* [What the task requires]
Could you write out the records exactly as they are given?

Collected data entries
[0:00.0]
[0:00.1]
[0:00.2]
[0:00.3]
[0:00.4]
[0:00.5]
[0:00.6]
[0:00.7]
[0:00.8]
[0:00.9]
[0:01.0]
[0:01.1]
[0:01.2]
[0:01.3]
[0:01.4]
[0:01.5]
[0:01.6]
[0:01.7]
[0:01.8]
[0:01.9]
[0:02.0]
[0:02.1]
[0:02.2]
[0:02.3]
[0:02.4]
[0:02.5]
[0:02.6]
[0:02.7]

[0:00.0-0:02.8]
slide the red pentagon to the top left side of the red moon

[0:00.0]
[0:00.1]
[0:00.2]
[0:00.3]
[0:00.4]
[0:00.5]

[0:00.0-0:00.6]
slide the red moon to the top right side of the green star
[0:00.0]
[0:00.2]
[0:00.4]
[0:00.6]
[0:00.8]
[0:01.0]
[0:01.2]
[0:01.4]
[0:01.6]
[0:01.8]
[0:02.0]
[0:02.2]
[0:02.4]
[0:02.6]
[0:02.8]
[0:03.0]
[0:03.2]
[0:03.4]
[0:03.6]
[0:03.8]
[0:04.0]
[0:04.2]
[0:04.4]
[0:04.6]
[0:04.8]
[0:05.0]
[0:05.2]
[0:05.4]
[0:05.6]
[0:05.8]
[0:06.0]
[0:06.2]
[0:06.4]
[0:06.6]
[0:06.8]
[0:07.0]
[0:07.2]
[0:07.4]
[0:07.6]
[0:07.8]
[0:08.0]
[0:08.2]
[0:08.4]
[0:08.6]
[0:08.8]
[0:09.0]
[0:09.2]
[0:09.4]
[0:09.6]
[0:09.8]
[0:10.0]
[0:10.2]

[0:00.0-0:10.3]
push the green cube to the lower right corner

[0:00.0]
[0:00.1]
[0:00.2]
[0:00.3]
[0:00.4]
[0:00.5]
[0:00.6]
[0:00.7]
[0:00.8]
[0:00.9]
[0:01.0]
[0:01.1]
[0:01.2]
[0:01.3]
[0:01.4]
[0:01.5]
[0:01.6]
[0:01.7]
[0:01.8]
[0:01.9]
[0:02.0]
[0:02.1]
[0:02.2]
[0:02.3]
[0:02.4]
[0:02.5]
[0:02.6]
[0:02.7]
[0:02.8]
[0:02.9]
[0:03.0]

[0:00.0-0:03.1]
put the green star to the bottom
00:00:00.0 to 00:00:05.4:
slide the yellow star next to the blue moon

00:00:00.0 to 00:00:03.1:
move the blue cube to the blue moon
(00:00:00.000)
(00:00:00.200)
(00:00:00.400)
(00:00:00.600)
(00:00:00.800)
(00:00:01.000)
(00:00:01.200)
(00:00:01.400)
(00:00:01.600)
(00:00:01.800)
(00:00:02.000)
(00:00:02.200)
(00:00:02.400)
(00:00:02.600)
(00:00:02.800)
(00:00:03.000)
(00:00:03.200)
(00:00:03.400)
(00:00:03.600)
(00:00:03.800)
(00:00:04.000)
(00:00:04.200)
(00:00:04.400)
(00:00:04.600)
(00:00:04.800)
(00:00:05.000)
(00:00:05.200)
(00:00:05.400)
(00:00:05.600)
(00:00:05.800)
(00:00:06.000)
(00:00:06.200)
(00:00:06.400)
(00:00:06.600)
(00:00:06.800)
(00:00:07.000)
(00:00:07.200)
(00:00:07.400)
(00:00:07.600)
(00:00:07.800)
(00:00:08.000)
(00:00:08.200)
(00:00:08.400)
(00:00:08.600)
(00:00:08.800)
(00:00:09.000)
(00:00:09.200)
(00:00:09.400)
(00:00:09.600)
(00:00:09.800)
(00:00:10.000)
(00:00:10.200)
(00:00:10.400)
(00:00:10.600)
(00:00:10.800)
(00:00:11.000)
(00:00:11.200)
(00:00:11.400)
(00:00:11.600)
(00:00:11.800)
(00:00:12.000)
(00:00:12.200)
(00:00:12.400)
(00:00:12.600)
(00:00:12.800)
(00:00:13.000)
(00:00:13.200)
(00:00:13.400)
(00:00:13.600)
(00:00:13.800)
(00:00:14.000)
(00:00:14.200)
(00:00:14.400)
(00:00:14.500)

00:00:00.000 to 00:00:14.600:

* [Exercise solution]
[0:00.0]
[0:00.1]
[0:00.2]
[0:00.3]
[0:00.4]
[0:00.5]
[0:00.6]
[0:00.7]
[0:00.8]
[0:00.9]
[0:01.0]
[0:01.1]
[0:01.2]
[0:01.3]
[0:01.4]
[0:01.5]
[0:01.6]
[0:01.7]
[0:01.8]
[0:01.9]
[0:02.0]
[0:02.1]
[0:02.2]
[0:02.3]
[0:02.4]
[0:02.5]
[0:02.6]
[0:02.7]

[0:00.0-0:02.8]
slide the red pentagon to the top left side of the red moon

[0:00.0]
[0:00.1]
[0:00.2]
[0:00.3]
[0:00.4]
[0:00.5]

[0:00.0-0:00.6]
slide the red moon to the top right side of the green star
[0:00.0]
[0:00.2]
[0:00.4]
[0:00.6]
[0:00.8]
[0:01.0]
[0:01.2]
[0:01.4]
[0:01.6]
[0:01.8]
[0:02.0]
[0:02.2]
[0:02.4]
[0:02.6]
[0:02.8]
[0:03.0]
[0:03.2]
[0:03.4]
[0:03.6]
[0:03.8]
[0:04.0]
[0:04.2]
[0:04.4]
[0:04.6]
[0:04.8]
[0:05.0]
[0:05.2]
[0:05.4]
[0:05.6]
[0:05.8]
[0:06.0]
[0:06.2]
[0:06.4]
[0:06.6]
[0:06.8]
[0:07.0]
[0:07.2]
[0:07.4]
[0:07.6]
[0:07.8]
[0:08.0]
[0:08.2]
[0:08.4]
[0:08.6]
[0:08.8]
[0:09.0]
[0:09.2]
[0:09.4]
[0:09.6]
[0:09.8]
[0:10.0]
[0:10.2]

[0:00.0-0:10.3]
push the green cube to the lower right corner

[0:00.0]
[0:00.1]
[0:00.2]
[0:00.3]
[0:00.4]
[0:00.5]
[0:00.6]
[0:00.7]
[0:00.8]
[0:00.9]
[0:01.0]
[0:01.1]
[0:01.2]
[0:01.3]
[0:01.4]
[0:01.5]
[0:01.6]
[0:01.7]
[0:01.8]
[0:01.9]
[0:02.0]
[0:02.1]
[0:02.2]
[0:02.3]
[0:02.4]
[0:02.5]
[0:02.6]
[0:02.7]
[0:02.8]
[0:02.9]
[0:03.0]

[0:00.0-0:03.1]
put the green star to the bottom
00:00:00.0 to 00:00:05.4:
slide the yellow star next to the blue moon

00:00:00.0 to 00:00:03.1:
move the blue cube to the blue moon
(00:00:00.000)
(00:00:00.200)
(00:00:00.400)
(00:00:00.600)
(00:00:00.800)
(00:00:01.000)
(00:00:01.200)
(00:00:01.400)
(00:00:01.600)
(00:00:01.800)
(00:00:02.000)
(00:00:02.200)
(00:00:02.400)
(00:00:02.600)
(00:00:02.800)
(00:00:03.000)
(00:00:03.200)
(00:00:03.400)
(00:00:03.600)
(00:00:03.800)
(00:00:04.000)
(00:00:04.200)
(00:00:04.400)
(00:00:04.600)
(00:00:04.800)
(00:00:05.000)
(00:00:05.200)
(00:00:05.400)
(00:00:05.600)
(00:00:05.800)
(00:00:06.000)
(00:00:06.200)
(00:00:06.400)
(00:00:06.600)
(00:00:06.800)
(00:00:07.000)
(00:00:07.200)
(00:00:07.400)
(00:00:07.600)
(00:00:07.800)
(00:00:08.000)
(00:00:08.200)
(00:00:08.400)
(00:00:08.600)
(00:00:08.800)
(00:00:09.000)
(00:00:09.200)
(00:00:09.400)
(00:00:09.600)
(00:00:09.800)
(00:00:10.000)
(00:00:10.200)
(00:00:10.400)
(00:00:10.600)
(00:00:10.800)
(00:00:11.000)
(00:00:11.200)
(00:00:11.400)
(00:00:11.600)
(00:00:11.800)
(00:00:12.000)
(00:00:12.200)
(00:00:12.400)
(00:00:12.600)
(00:00:12.800)
(00:00:13.000)
(00:00:13.200)
(00:00:13.400)
(00:00:13.600)
(00:00:13.800)
(00:00:14.000)
(00:00:14.200)
(00:00:14.400)
(00:00:14.500)

00:00:00.000 to 00:00:14.600:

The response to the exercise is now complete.